(Exercise data)

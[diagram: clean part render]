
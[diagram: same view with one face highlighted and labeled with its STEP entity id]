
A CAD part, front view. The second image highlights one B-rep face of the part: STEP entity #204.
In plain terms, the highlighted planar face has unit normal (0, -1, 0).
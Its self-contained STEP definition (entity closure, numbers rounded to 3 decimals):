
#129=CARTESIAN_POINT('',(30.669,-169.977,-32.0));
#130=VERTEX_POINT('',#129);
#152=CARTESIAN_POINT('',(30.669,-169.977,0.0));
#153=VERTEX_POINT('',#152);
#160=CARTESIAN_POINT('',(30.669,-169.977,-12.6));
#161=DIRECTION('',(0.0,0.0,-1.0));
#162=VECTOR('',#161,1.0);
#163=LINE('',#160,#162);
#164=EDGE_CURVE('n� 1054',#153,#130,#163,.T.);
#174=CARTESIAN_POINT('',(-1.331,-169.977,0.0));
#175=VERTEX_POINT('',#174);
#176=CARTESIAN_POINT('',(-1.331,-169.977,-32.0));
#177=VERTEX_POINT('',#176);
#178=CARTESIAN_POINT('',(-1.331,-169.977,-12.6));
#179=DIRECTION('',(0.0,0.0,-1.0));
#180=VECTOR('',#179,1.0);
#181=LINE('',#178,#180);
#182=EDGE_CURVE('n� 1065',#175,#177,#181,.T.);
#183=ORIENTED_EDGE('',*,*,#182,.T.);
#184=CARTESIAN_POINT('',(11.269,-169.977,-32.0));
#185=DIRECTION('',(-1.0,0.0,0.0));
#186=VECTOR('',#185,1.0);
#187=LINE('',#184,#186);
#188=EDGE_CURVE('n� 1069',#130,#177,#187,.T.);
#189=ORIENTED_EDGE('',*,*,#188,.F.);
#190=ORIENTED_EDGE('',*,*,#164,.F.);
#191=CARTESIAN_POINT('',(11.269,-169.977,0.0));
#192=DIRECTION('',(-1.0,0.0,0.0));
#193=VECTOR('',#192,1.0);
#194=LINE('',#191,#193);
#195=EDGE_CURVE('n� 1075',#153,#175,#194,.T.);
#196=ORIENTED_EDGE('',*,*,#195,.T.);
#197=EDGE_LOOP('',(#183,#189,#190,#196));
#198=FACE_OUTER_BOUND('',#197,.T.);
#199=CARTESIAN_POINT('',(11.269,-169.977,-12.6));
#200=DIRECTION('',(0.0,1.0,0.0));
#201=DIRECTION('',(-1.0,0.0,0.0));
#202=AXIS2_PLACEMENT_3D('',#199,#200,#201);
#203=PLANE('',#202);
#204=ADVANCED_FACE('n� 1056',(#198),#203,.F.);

(End Exercise data)

Work required:
Looking at the data above, write out exactly the lines that start at the one containing "In plain terms, the" and end at the one containing "#192=DIRECTION('',(-1.0,0.0,0.0));"; include both and nothing beyond.

Task result:
In plain terms, the highlighted planar face has unit normal (0, -1, 0).
Its self-contained STEP definition (entity closure, numbers rounded to 3 decimals):
#129=CARTESIAN_POINT('',(30.669,-169.977,-32.0));
#130=VERTEX_POINT('',#129);
#152=CARTESIAN_POINT('',(30.669,-169.977,0.0));
#153=VERTEX_POINT('',#152);
#160=CARTESIAN_POINT('',(30.669,-169.977,-12.6));
#161=DIRECTION('',(0.0,0.0,-1.0));
#162=VECTOR('',#161,1.0);
#163=LINE('',#160,#162);
#164=EDGE_CURVE('n� 1054',#153,#130,#163,.T.);
#174=CARTESIAN_POINT('',(-1.331,-169.977,0.0));
#175=VERTEX_POINT('',#174);
#176=CARTESIAN_POINT('',(-1.331,-169.977,-32.0));
#177=VERTEX_POINT('',#176);
#178=CARTESIAN_POINT('',(-1.331,-169.977,-12.6));
#179=DIRECTION('',(0.0,0.0,-1.0));
#180=VECTOR('',#179,1.0);
#181=LINE('',#178,#180);
#182=EDGE_CURVE('n� 1065',#175,#177,#181,.T.);
#183=ORIENTED_EDGE('',*,*,#182,.T.);
#184=CARTESIAN_POINT('',(11.269,-169.977,-32.0));
#185=DIRECTION('',(-1.0,0.0,0.0));
#186=VECTOR('',#185,1.0);
#187=LINE('',#184,#186);
#188=EDGE_CURVE('n� 1069',#130,#177,#187,.T.);
#189=ORIENTED_EDGE('',*,*,#188,.F.);
#190=ORIENTED_EDGE('',*,*,#164,.F.);
#191=CARTESIAN_POINT('',(11.269,-169.977,0.0));
#192=DIRECTION('',(-1.0,0.0,0.0));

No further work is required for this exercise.